What the task requires:
With the pictures removed, the data below must be transcribed in full and exactly.

Stored data entries:
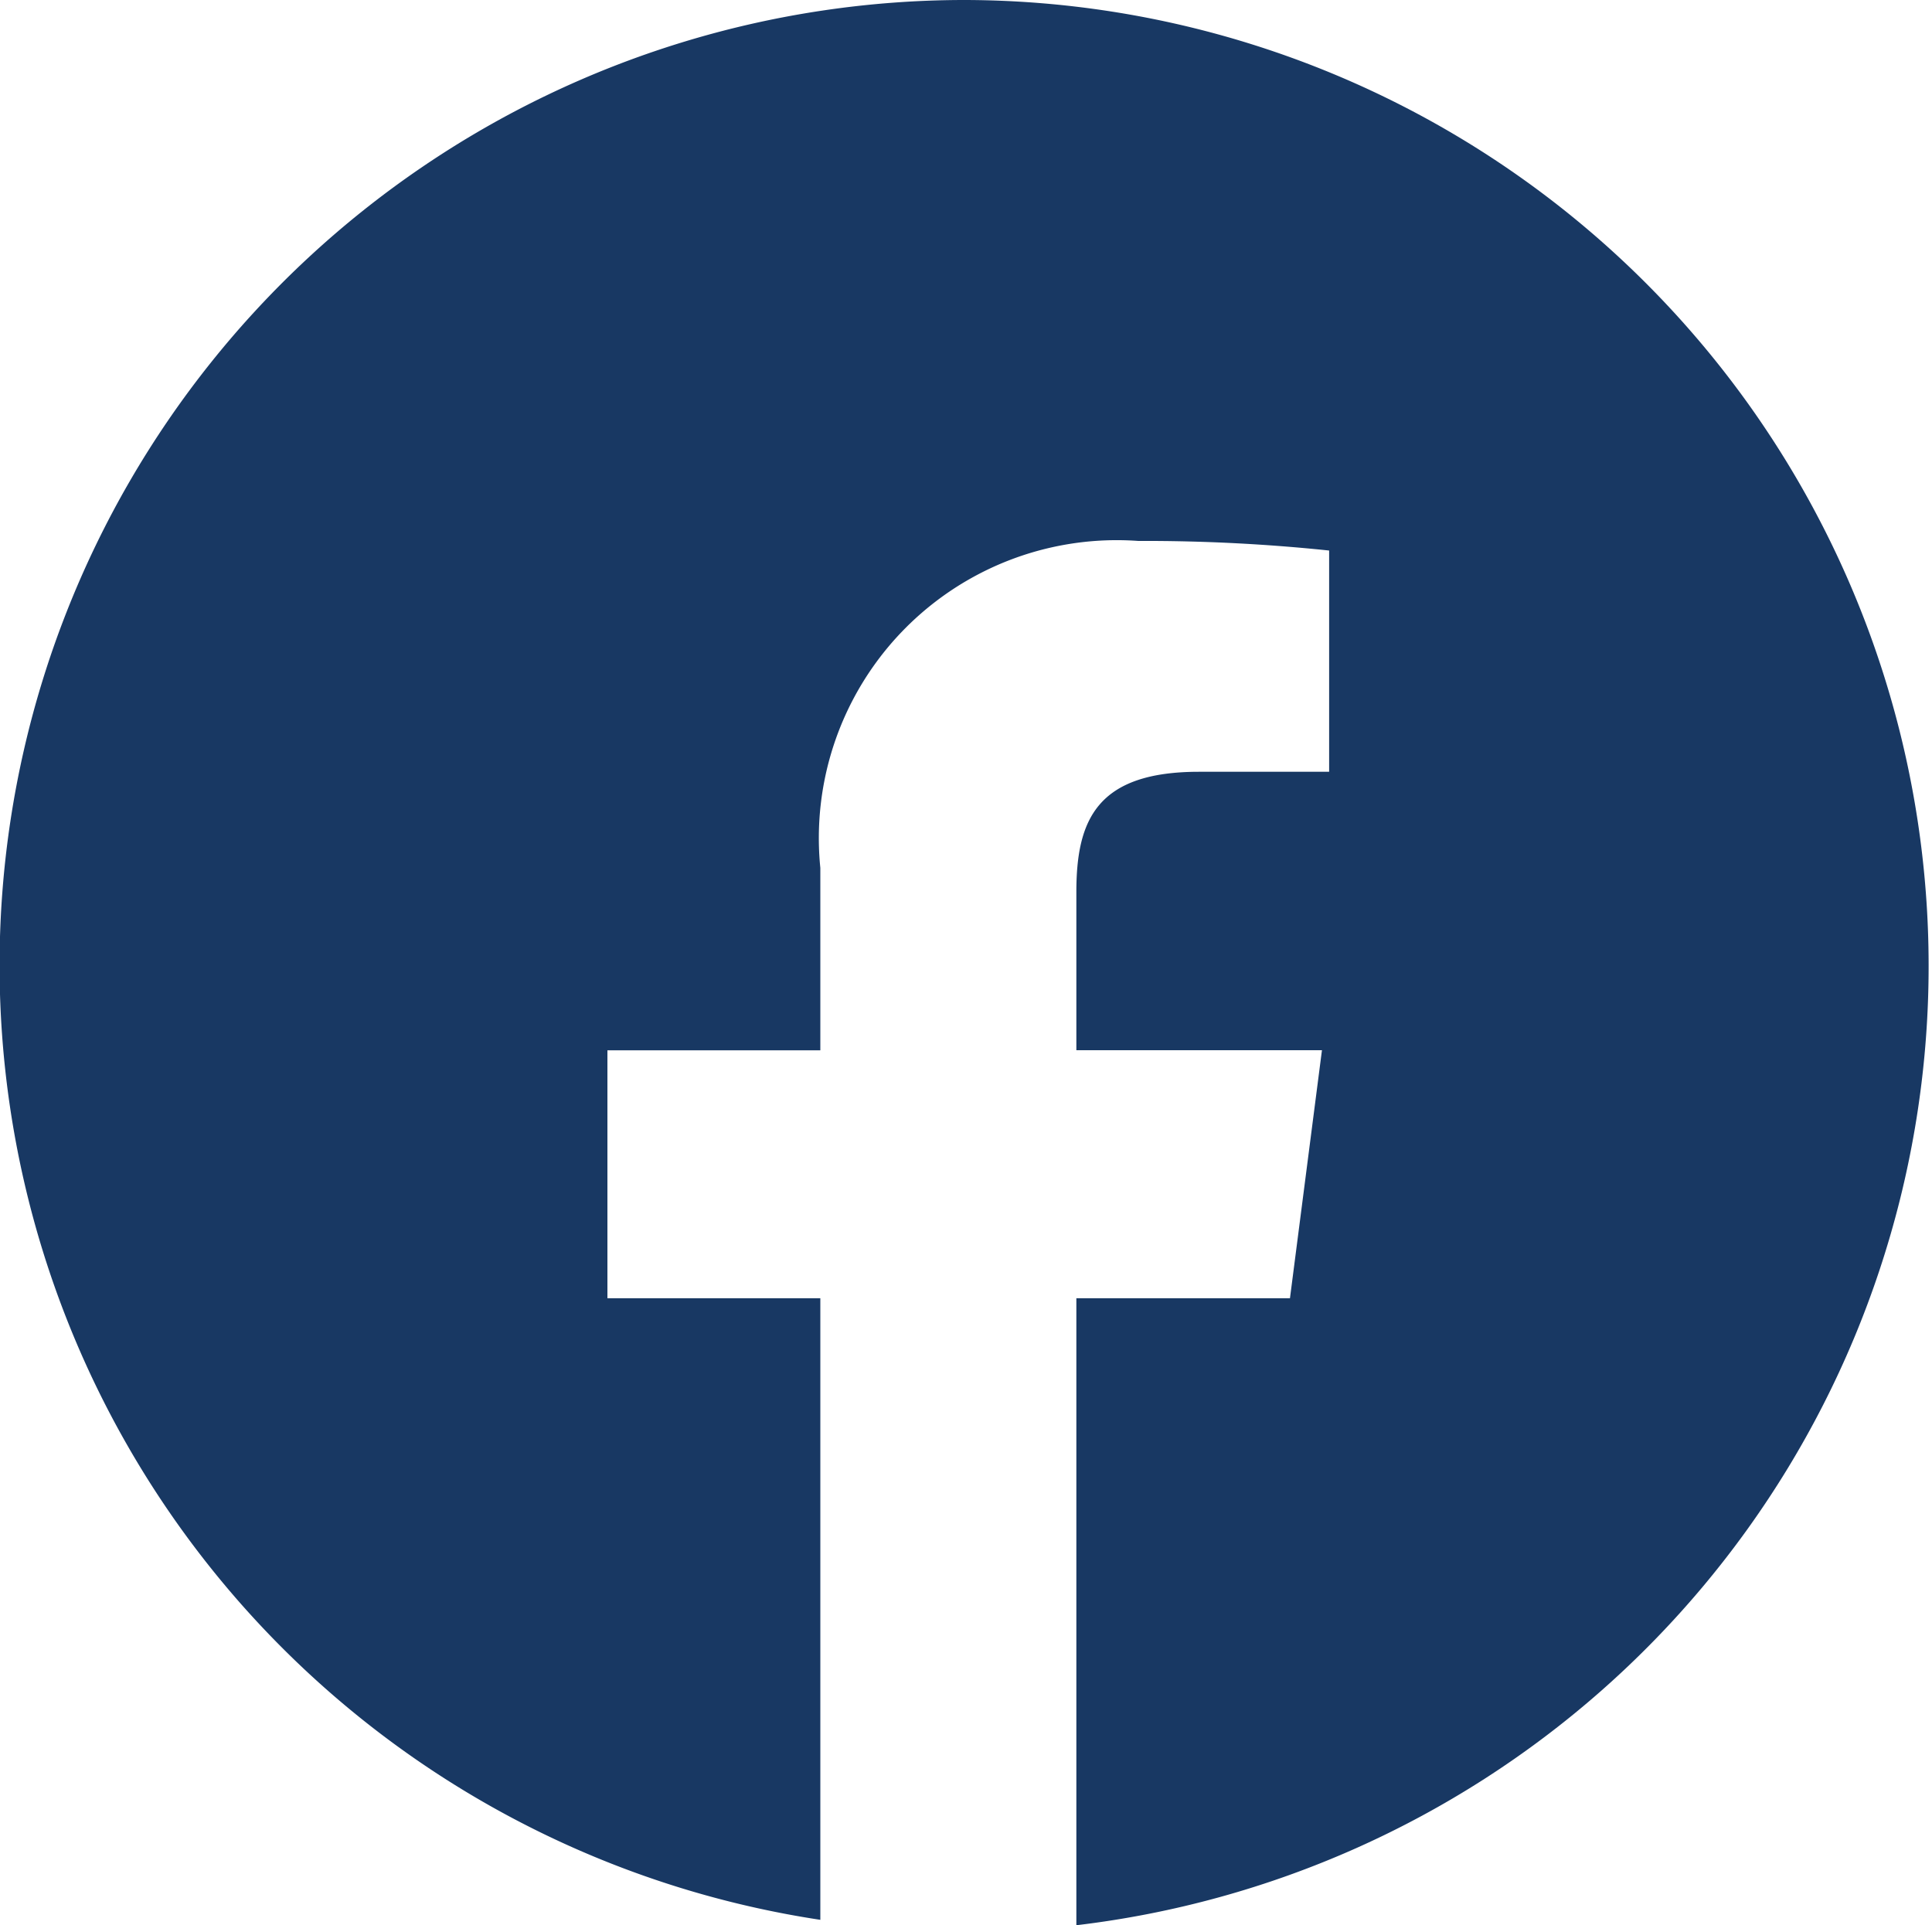 <?xml version="1.0" encoding="UTF-8"?>
<svg xmlns="http://www.w3.org/2000/svg" width="25" height="24.913" viewBox="0 0 25 24.913">
  <title>icon_facebook</title>
  <g id="Ebene_2" data-name="Ebene 2">
    <g id="Ebene_1-2" data-name="Ebene 1">
      <path d="M12.5,0a12.492,12.492,0,0,0-1.885,24.843V16.8H7.86V13.591h2.755V11.23A3.855,3.855,0,0,1,14.73,7a22.852,22.852,0,0,1,2.469.124V9.987H15.515c-1.33,0-1.587.632-1.587,1.559V13.59h3.178l-.414,3.21H13.928v8.113A12.5,12.5,0,0,0,12.5,0Z" fill="#183863"></path>
    </g>
  </g>
</svg>

Answer box:
 <?xml version="1.0" encoding="UTF-8"?>
<svg xmlns="http://www.w3.org/2000/svg" width="25" height="24.913" viewBox="0 0 25 24.913">
  <title>icon_facebook</title>
  <g id="Ebene_2" data-name="Ebene 2">
    <g id="Ebene_1-2" data-name="Ebene 1">
      <path d="M12.5,0a12.492,12.492,0,0,0-1.885,24.843V16.8H7.86V13.591h2.755V11.23A3.855,3.855,0,0,1,14.73,7a22.852,22.852,0,0,1,2.469.124V9.987H15.515c-1.33,0-1.587.632-1.587,1.559V13.59h3.178l-.414,3.21H13.928v8.113A12.5,12.5,0,0,0,12.5,0Z" fill="#183863"></path>
    </g>
  </g>
</svg>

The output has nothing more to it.